The values of logical vectors can also be T or F. You can check the class of logi_3 by using class().

logi_3 <- c(F, T, F, T)
logi_3
class(logi_3)
typeof(logi_3)

It is worth emphasizing that, in creating numeric vectors and logical vectors, quotation marks aren’t necessary like they are in creating character vectors. If you put quotation marks around TRUE or FALSE, you will create a character vector instead.

char_1 <- c("TRUE", "FALSE", "TRUE")
char_1
#> [1] "TRUE"  "FALSE" "TRUE"
class(char_1)
#> [1] "character"

It is worth mentioning that, R is case-sensitive in terms of the expression of TRUE and FALSE. Any expression other than TRUE, FALSE, T, or F will be recognized as character values or name of an object in R, not logical values. Please see the example below.

# Valid Expression 
class(c(TRUE, T))
#> [1] "logical"

# Invalid Expression
class(true)
#> Error in eval(expr, envir, enclos): object 'true' not found
class(True)
#> Error in eval(expr, envir, enclos): object 'True' not found
class("true")
#> [1] "character"

Finally, you can use the vector(mode, length) function to create a logical vector of certain length.

vector("logical", 2)

Note that the default value is FALSE.

2.3.2 Logical vectors: creation when testing for types

In addition to comparison operations, another situation that you will encounter logical vectors is when we test whether an object belongs to certain type.

First of all, you can use is.numeric() to check whether an object is numeric, i.e. can be interpreted as numbers. It will return TRUE if the object is numeric, and will otherwise return FALSE. Note that both double vectors and integer vectors (Section 2.1.3) are numeric since they can both be interpreted as numbers. To further differentiate between double vectors and integer vectors, you can use is.double() and is.integer().

x1 <- c(1, 2)
x2 <- c(1L, 2L)
c(is.numeric(x1), is.double(x1), is.integer(x1))
#> [1]  TRUE  TRUE FALSE
c(is.numeric(x2), is.double(x2), is.integer(x2))
#> [1]  TRUE FALSE  TRUE

From the result, you can see that both x1 and x2 are numeric, only x1 is of double type, and only x2 is of integer type.

Similarly, you can use is.character() to check whether an object is character, and is.logical() to check whether an object is logical.

Let’s look at some examples.

x1 <- c(1, 2)
x2 <- c("this", "is", "great")
x3 <- c(TRUE, FALSE)
c(is.numeric(x1), is.character(x1), is.logical(x1))
#> [1]  TRUE FALSE FALSE
c(is.numeric(x2), is.character(x2), is.logical(x2))
#> [1] FALSE  TRUE FALSE
c(is.numeric(x3), is.character(x3), is.logical(x3))
#> [1] FALSE FALSE  TRUE

We can see that all results from those check functions are logical values and they agree with the corresponding object types.

2.3.3 Exercises

Write the R code to complete the following tasks.

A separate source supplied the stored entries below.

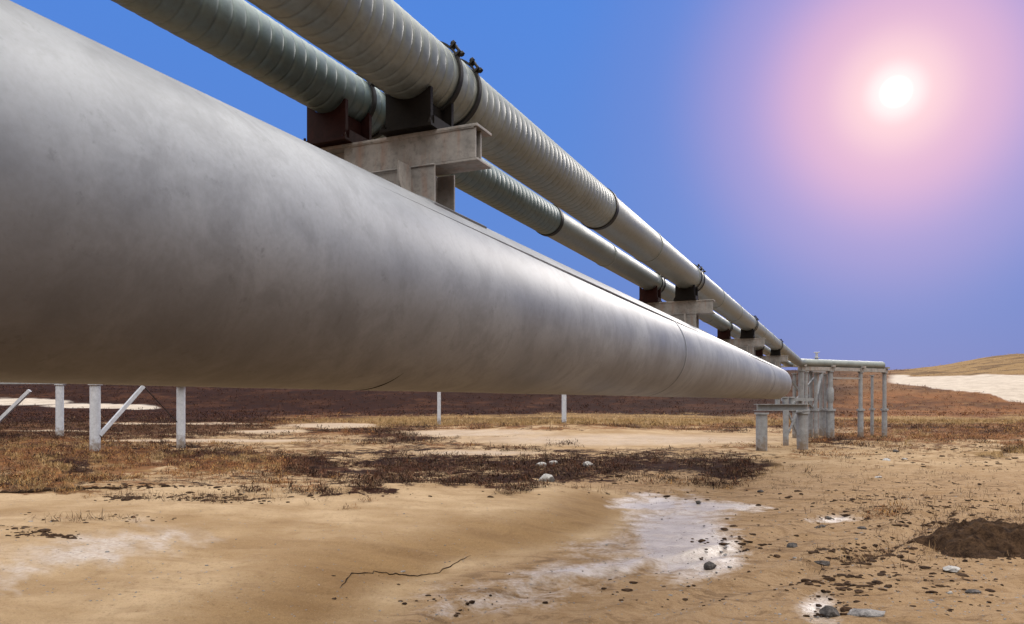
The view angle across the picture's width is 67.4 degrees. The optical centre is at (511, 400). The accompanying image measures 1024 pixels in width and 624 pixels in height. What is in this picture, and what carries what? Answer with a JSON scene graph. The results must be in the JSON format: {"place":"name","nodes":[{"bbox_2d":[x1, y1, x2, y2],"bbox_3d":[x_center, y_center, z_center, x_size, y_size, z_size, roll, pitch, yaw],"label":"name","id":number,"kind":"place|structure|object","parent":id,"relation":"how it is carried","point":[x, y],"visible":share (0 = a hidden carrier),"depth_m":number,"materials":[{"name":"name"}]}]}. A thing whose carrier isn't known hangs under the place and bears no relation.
{"place":"outdoors","nodes":[
{"label":"outdoors","id":0,"kind":"place"},
{"bbox_2d":[0,354,1023,623],"bbox_3d":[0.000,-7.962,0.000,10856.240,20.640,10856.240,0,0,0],"label":"ground","id":1,"kind":"structure","parent":0,"point":[578,526],"depth_m":10.61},
{"bbox_2d":[0,382,64,435],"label":"pile frame","id":2,"kind":"object","parent":1,"relation":"on","point":[59,409],"visible":0.83,"depth_m":39.54,"materials":[{"name":"white paint"}]},
{"bbox_2d":[0,486,122,492],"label":"dead root","id":3,"kind":"object","parent":1,"relation":"on","point":[49,489],"visible":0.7,"depth_m":12.81,"materials":[{"name":"wood"}]},
{"bbox_2d":[88,384,184,451],"bbox_3d":[-14.051,0.780,29.006,0.704,3.140,3.922,0,0,43],"label":"pile frame","id":4,"kind":"object","parent":1,"relation":"on","point":[96,432],"visible":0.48,"depth_m":28.08,"materials":[{"name":"white paint"}]},
{"bbox_2d":[341,555,470,585],"bbox_3d":[-1.077,1.762,8.020,0.339,0.146,2.166,0,0,36],"label":"dead root","id":5,"kind":"object","parent":1,"relation":"on","point":[397,573],"visible":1,"depth_m":7.89,"materials":[{"name":"wood"}]},
{"bbox_2d":[0,369,854,418],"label":"hill scrub","id":6,"kind":"object","parent":1,"relation":"on","point":[26,414],"visible":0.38,"depth_m":117.22,"materials":[{"name":"brown plant"}]},
{"bbox_2d":[437,392,440,424],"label":"marker post","id":7,"kind":"object","parent":1,"relation":"on","point":[438,408],"visible":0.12,"depth_m":59.36,"materials":[{"name":"white metal"}]},
{"bbox_2d":[0,414,1023,495],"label":"shrubs","id":8,"kind":"object","parent":1,"relation":"on","point":[453,479],"visible":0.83,"depth_m":23.05,"materials":[{"name":"brown plant"}]},
{"bbox_2d":[0,417,1023,518],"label":"rusty tundra cover","id":9,"kind":"object","parent":1,"relation":"on","point":[84,476],"visible":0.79,"depth_m":27.73,"materials":[{"name":"brown plant"}]},
{"bbox_2d":[0,416,1023,490],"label":"ochre grass","id":10,"kind":"structure","parent":1,"relation":"on","point":[512,421],"depth_m":51.87,"materials":[{"name":"brown plant"}]},
{"bbox_2d":[0,440,1023,616],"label":"soil crumbs","id":11,"kind":"object","parent":1,"relation":"on","point":[844,608],"visible":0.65,"depth_m":9.14,"materials":[{"name":"brown soil"}]},
{"bbox_2d":[6,439,1023,573],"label":"dead twigs","id":12,"kind":"object","parent":1,"relation":"on","point":[575,487],"visible":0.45,"depth_m":12.60,"materials":[{"name":"brown plant"}]},
{"bbox_2d":[10,440,1023,606],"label":"turf scraps","id":13,"kind":"object","parent":1,"relation":"on","point":[805,581],"visible":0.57,"depth_m":10.08,"materials":[{"name":"plant"}]},
{"bbox_2d":[539,474,554,481],"bbox_3d":[0.791,1.825,17.695,0.399,0.298,0.282,0,0,-8],"label":"stone","id":14,"kind":"object","parent":1,"relation":"on","point":[549,477],"visible":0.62,"depth_m":17.60,"materials":[{"name":"white stone"}]},
{"bbox_2d":[562,395,565,421],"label":"marker post","id":15,"kind":"object","parent":1,"relation":"on","point":[563,408],"visible":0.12,"depth_m":57.26,"materials":[{"name":"white metal"}]},
{"bbox_2d":[582,461,593,466],"bbox_3d":[2.160,1.811,21.628,0.300,0.213,0.304,0,0,-26],"label":"stone","id":16,"kind":"object","parent":1,"relation":"on","point":[587,463],"visible":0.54,"depth_m":21.55,"materials":[{"name":"grey stone"}]},
{"bbox_2d":[273,369,1023,419],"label":"hill scrub","id":17,"kind":"object","parent":1,"relation":"on","point":[943,413],"visible":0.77,"depth_m":107.99,"materials":[{"name":"brown plant"}]},
{"bbox_2d":[299,353,1021,419],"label":"hill grass","id":18,"kind":"structure","parent":1,"relation":"on","point":[708,416],"depth_m":86.31,"materials":[{"name":"brown plant"}]},
{"bbox_2d":[703,561,715,569],"bbox_3d":[2.149,1.799,8.374,0.155,0.100,0.099,0,0,-44],"label":"stone","id":19,"kind":"object","parent":1,"relation":"on","point":[709,565],"visible":1,"depth_m":8.34,"materials":[{"name":"grey stone"}]},
{"bbox_2d":[754,397,813,450],"bbox_3d":[10.617,1.087,29.244,1.579,2.474,4.753,0,0,34],"label":"pipe trestle","id":20,"kind":"object","parent":1,"relation":"on","point":[787,405],"visible":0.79,"depth_m":28.50,"materials":[{"name":"grey paint"}]},
{"bbox_2d":[0,0,791,398],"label":"pipe","id":21,"kind":"object","parent":20,"relation":"on","point":[158,228],"visible":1,"depth_m":2.40,"materials":[{"name":"grey metal"}]},
{"bbox_2d":[303,40,491,228],"bbox_3d":[-0.674,-1.448,4.287,1.180,1.097,0.650,0,0,24],"label":"pipe bracket","id":22,"kind":"object","parent":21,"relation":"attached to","point":[422,145],"visible":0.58,"depth_m":4.12,"materials":[{"name":"weathered grey paint"},{"name":"dark red painted steel"},{"name":"black steel"}]},
{"bbox_2d":[638,263,714,333],"bbox_3d":[2.340,-1.448,11.155,1.180,1.097,0.650,0,0,24],"label":"pipe bracket","id":23,"kind":"object","parent":21,"relation":"attached to","point":[687,306],"visible":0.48,"depth_m":10.99,"materials":[{"name":"weathered grey paint"},{"name":"dark red painted steel"},{"name":"black steel"}]},
{"bbox_2d":[717,315,765,358],"bbox_3d":[5.254,-1.448,17.794,1.180,1.097,0.650,0,0,24],"label":"pipe bracket","id":24,"kind":"object","parent":21,"relation":"attached to","point":[748,341],"visible":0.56,"depth_m":17.63,"materials":[{"name":"grey metal"}]},
{"bbox_2d":[755,339,788,369],"bbox_3d":[8.208,-1.448,24.524,1.180,1.097,0.650,0,0,24],"label":"pipe bracket","id":25,"kind":"object","parent":21,"relation":"attached to","point":[776,358],"visible":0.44,"depth_m":24.34,"materials":[{"name":"grey metal"}]},
{"bbox_2d":[787,542,797,547],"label":"stone","id":26,"kind":"object","parent":1,"relation":"on","point":[791,545],"visible":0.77,"depth_m":9.54,"materials":[{"name":"grey stone"}]},
{"bbox_2d":[814,560,829,565],"bbox_3d":[3.460,1.812,8.583,0.177,0.061,0.122,0,0,27],"label":"stone","id":27,"kind":"object","parent":1,"relation":"on","point":[825,563],"visible":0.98,"depth_m":8.54,"materials":[{"name":"grey stone"}]},
{"bbox_2d":[819,605,839,617],"bbox_3d":[2.687,1.786,6.493,0.169,0.108,0.162,0,0,-10],"label":"stone","id":28,"kind":"object","parent":1,"relation":"on","point":[829,611],"visible":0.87,"depth_m":6.45,"materials":[{"name":"grey stone"}]},
{"bbox_2d":[781,364,889,437],"bbox_3d":[16.000,0.273,38.382,7.612,3.961,2.646,0,0,-33],"label":"pipe rack","id":29,"kind":"object","parent":1,"relation":"on","point":[823,421],"visible":0.81,"depth_m":37.88,"materials":[{"name":"grey metal"}]},
{"bbox_2d":[111,0,794,366],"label":"thin pipe","id":30,"kind":"object","parent":29,"relation":"on","point":[243,36],"visible":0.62,"depth_m":4.07,"materials":[{"name":"metal"}]},
{"bbox_2d":[247,0,884,368],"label":"thin pipe","id":31,"kind":"object","parent":29,"relation":"on","point":[393,49],"visible":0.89,"depth_m":4.71,"materials":[{"name":"metal"}]},
{"bbox_2d":[847,608,885,616],"bbox_3d":[2.980,1.797,6.469,0.320,0.091,0.218,0,0,-6],"label":"stone","id":32,"kind":"object","parent":1,"relation":"on","point":[864,612],"visible":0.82,"depth_m":6.41,"materials":[{"name":"grey stone"}]},
{"bbox_2d":[943,566,959,572],"bbox_3d":[4.600,1.780,8.068,0.207,0.084,0.162,0,0,-29],"label":"stone","id":33,"kind":"object","parent":1,"relation":"on","point":[954,569],"visible":0.95,"depth_m":8.01,"materials":[{"name":"white stone"}]},
{"bbox_2d":[914,517,1023,558],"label":"soil heap","id":34,"kind":"object","parent":1,"relation":"on","point":[997,538],"visible":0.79,"depth_m":9.12,"materials":[{"name":"brown soil"}]},
{"bbox_2d":[965,589,980,593],"bbox_3d":[4.338,1.804,7.236,0.147,0.055,0.107,0,0,-7],"label":"stone","id":35,"kind":"object","parent":1,"relation":"on","point":[969,591],"visible":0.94,"depth_m":7.21,"materials":[{"name":"grey stone"}]},
{"bbox_2d":[0,428,1023,623],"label":"gravel","id":36,"kind":"structure","parent":0,"point":[931,600],"depth_m":7.59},
{"bbox_2d":[10,0,1023,369],"label":"sky","id":37,"kind":"structure","parent":0,"point":[849,173],"materials":[{"name":"blue"}]}
]}

  1. Suppose we have x1 <- c(1, 2, 3), create a logical vector with name logi_1 that represents whether each element of x1 is less than or equal to its square.

  2. Suppose we have logi_2 <- c(TRUE, TRUE, FALSE). Create a logical vector of length 4 with name logi_3 with elements representing whether logi_2 is of integer type, double type, character type, and logical type, respectively.